お金は変わる。そしていずれ 「なくなる」 ――。

2017年、バブルを迎えた仮想通貨市場。だが、その本質は投機対象でも決済手段でも、あるいはブロックチェーンという技術革新ですらない。お金という存在の正体に皆が気づき始めたことこそが、革命なのだ。

ビットコインが目指した自由、イーサリアムがもたらす大変革、そして新しく訪れる個人と会社・国家との関係性とは。仮想通貨から学ぶ 「これからの経済学」 。


お金とは何か


著者の堀江貴文氏が考えるお金とは、信用を数値化するものです。

興味深い見方だと思ったのは、お金は多くの人の共同幻想だと書かれていることです。多くの人が価値があると信じているものにすぎないという捉え方です。

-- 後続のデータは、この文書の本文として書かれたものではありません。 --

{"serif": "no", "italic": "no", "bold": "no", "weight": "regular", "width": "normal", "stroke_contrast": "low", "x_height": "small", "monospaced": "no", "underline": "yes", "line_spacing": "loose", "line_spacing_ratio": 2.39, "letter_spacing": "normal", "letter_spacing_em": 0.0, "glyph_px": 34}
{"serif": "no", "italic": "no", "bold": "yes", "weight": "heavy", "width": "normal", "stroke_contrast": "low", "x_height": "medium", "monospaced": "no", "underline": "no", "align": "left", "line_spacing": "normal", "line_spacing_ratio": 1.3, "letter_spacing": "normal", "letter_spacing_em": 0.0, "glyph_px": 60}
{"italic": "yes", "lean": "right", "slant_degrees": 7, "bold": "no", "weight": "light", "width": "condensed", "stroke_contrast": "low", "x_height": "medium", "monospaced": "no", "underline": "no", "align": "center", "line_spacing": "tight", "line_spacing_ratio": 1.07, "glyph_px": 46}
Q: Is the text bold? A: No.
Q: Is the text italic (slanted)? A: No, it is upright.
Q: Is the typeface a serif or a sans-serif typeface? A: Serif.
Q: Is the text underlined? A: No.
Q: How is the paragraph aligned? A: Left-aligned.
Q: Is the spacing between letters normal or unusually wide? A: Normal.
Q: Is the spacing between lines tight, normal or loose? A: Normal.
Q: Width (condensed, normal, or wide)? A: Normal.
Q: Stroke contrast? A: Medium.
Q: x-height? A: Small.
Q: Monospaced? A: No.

これからのお金のことで、覚えておきたいと思ったことは2つです。

  • 今後は国が発行し管理する法定通貨 (円や米ドルなど) の価値は下がる (ただし、なくなるわけではない)
  • 法定通貨は信用や価値の全てを数値化できていない。これからはお金で交換できないものに価値がある


これからを稼ぐ


本書のタイトルは、「これからを稼ごう」 です。


タイトルの意味


私が思ったタイトルの意味することは、お金を稼ぐと考えるのではなく、お金に直接換算できない自分への評価、信用や信頼、自分の価値を高めるという生き方を目指すことです。

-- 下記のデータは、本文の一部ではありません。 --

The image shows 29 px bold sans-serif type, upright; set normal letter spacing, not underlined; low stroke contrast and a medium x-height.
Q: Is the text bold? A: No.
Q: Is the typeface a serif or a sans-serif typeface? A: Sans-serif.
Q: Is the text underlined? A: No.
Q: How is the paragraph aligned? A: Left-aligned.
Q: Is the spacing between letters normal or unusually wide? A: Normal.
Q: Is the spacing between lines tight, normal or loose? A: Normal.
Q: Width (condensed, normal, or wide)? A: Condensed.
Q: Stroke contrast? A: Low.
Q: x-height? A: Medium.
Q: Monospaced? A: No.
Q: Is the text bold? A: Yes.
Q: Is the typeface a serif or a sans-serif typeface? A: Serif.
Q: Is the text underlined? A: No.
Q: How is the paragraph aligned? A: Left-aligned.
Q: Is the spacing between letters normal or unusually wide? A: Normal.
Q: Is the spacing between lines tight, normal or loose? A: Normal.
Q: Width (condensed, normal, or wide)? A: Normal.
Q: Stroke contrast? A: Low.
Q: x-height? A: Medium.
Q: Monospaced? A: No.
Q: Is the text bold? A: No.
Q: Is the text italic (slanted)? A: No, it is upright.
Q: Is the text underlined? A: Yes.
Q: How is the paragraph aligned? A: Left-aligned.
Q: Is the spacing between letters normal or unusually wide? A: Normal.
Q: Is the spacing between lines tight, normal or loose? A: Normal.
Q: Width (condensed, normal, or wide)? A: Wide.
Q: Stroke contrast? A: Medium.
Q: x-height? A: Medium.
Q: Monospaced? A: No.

そのためには、日本円などの法定通貨への縛りから自分を解放し、自分の時間を生きることです。

自分の時間を生きるとは、他人の時間に生きないことです。他人の時間とは、自分がワクワクしないこと、それをやる意味が見い出せないこと、受け身でやらされることです。


自分で選択できること


縛りから解放されるとは、自分で選択できることです。

例えば、通貨も自分の意志で選択することです。従来は、通貨を選択するとは、実質的にはどの国に所属するかでした。生まれながらに日本にいる人は、自動的に日本円を選択してきました。

しかし、堀江氏が望むのは、通貨や住む世界を選択できるようになることです。通貨の選択は、暗号通貨 (仮想通貨) というテクノロジーの発展と浸透で可能になります。


暗号通貨が出現したことの意味


暗号通貨の特徴は、特定の管理者が存在せず、分散型の非中央集権で通貨が管理され運営されることです。国が発行する法定通貨とは逆です。

暗号通貨の出現の意味合いは、中央集権ではなく国家が管理しない通貨を、テクノロジーによって国ではない自分たちが作れることです。

これは、揺り戻しです。

かつて通貨は、国が中央で管理し保証する存在では必ずしもありませんでした。価値を評価し交換と保存をするために、自分たちが価値だと思った、例えば貝殻、金や銀などの貴金属が、勝手に使われていました。

暗号通貨という、数学システムとテクノロジーに基づく信用に人々が価値を見い出すようになれば、大きな歴史の視野で見れば、通貨の転換点です。


最後に


本書の特徴は、著者の堀江貴文氏と、暗号通貨に詳しい大石哲之氏が監修をしていることです。

企業に例えると、ビジョナリーである堀江氏が CEO 、技術に詳しい大石氏が CTO (最高技術責任者) という役割です。本書では、暗号通貨の歴史、技術・仕組みも詳しく書かれています。大石氏の監修によって、客観的な内容になっています。

その上で、堀江氏の解釈や、将来のものの見方を興味深く読めます。そこから、自分はどう思うかをあらためて考えさせられました。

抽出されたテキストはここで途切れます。